Überstunden und Mehrarbeit verdienen besondere Aufmerksamkeit. In der Vereinbarung sollte genau stehen, wann und unter welchen Bedingungen sie zulässig sind, wie sie angeordnet und dokumentiert werden müssen und wie der Ausgleich erfolgt – ob durch Freizeit oder Bezahlung. Wichtig ist auch eine Begrenzung, damit sich Überstunden nicht zur Regel entwickeln.
Reisezeiten, Umkleidezeiten und Wegezeiten sind ebenfalls regelungsbedürftig. Hier geht es nicht nur um die Frage, ob sie zur Arbeitszeit zählen, sondern auch um die Vergütung und um organisatorische Fragen – etwa wie lange die Umkleidezeit dauert und wo sich umgezogen werden muss.
Schließlich sollte auch geregelt sein, wie mit kurzfristigen Änderungen umgegangen wird – Stichwort Eilfälle und Notfälle – und wie Meinungsverschiedenheiten beigelegt werden.
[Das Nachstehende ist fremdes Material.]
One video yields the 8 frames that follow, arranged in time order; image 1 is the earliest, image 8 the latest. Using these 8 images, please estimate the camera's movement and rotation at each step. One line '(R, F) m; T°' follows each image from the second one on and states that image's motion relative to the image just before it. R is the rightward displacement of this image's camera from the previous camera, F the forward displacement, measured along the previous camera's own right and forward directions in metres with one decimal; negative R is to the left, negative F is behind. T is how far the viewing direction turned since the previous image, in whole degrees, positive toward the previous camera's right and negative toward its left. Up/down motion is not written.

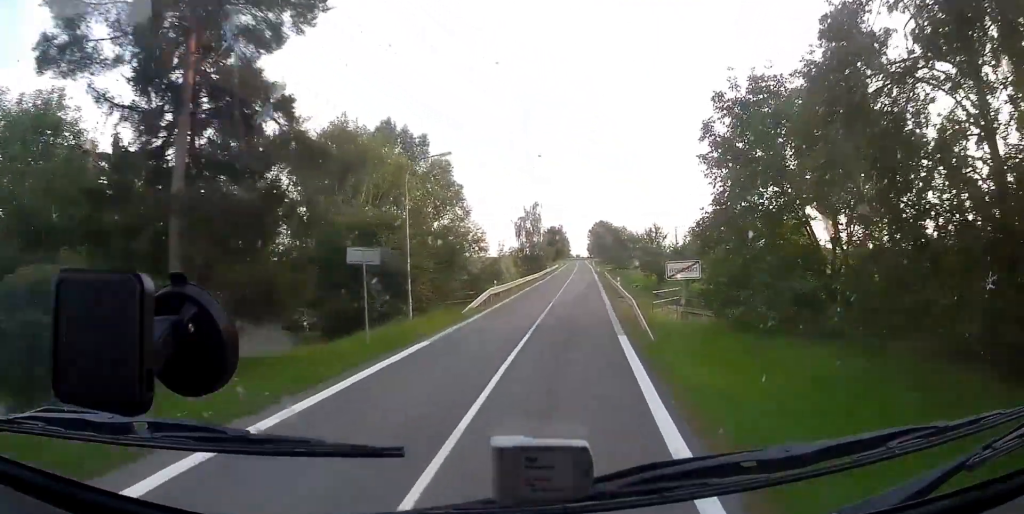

Eine ständige Einigungsstelle kann hier eine sinnvolle Einrichtung sein, um Konflikte schnell und unbürokratisch zu lösen.
Überblick der wesentlichen Themenfelder Betriebsvereinbarung Arbeitszeit
Hier nochmal ein Überblick über die wesentlichen Themenfelder, die exemplarisch Bestandteil einer Betriebsvereinbarung zur Arbeitszeit sein können:
- Regelmäßige Wochenarbeitszeit und Verteilung auf Arbeitstage
- Beginn und Ende der täglichen Arbeitszeit
- Lage und Dauer der Pausen
- Einführung und Ausgestaltung von Schichtarbeit
- Regelungen zur Arbeitszeiterfassung
- Voraussetzungen und Verfahren bei Überstunden
- Vergütung und Bewertung von Reise-, Wege- und Umkleidezeiten
- Umgang mit kurzfristigen Änderungen (Eilfälle, Notfälle)
- Einrichtung und Verfahren einer Einigungsstelle zur Konfliktlösung

Fazit – Mitbestimmung und Betriebsvereinbarung Arbeitszeit
Arbeitszeit ist ein Thema, das alle im Betrieb betrifft – und das zu gestalten, ist eine der zentralen Aufgaben des Betriebsrats. Der Betriebsrat hat das Recht – und die Pflicht – hier mitzuwirken. Es gilt, die Mitbestimmungsrechte zu nutzen, um faire, transparente und praktikable Arbeitszeitregelungen zu schaffen. Eine gute Betriebsvereinbarung ist dabei das wichtigste Werkzeug. Sie gibt Orientierung, sorgt für Rechtssicherheit und schützt die Interessen der Beschäftigten.
Gleichzeitig hilft sie dem Arbeitgeber, Planungssicherheit zu gewinnen und flexibel auf betriebliche Anforderungen zu reagieren. Wenn beide Seiten gemeinsam an einer guten Lösung arbeiten, entsteht daraus eine starke Grundlage für ein gesundes, produktives und respektvolles Miteinander im Betrieb.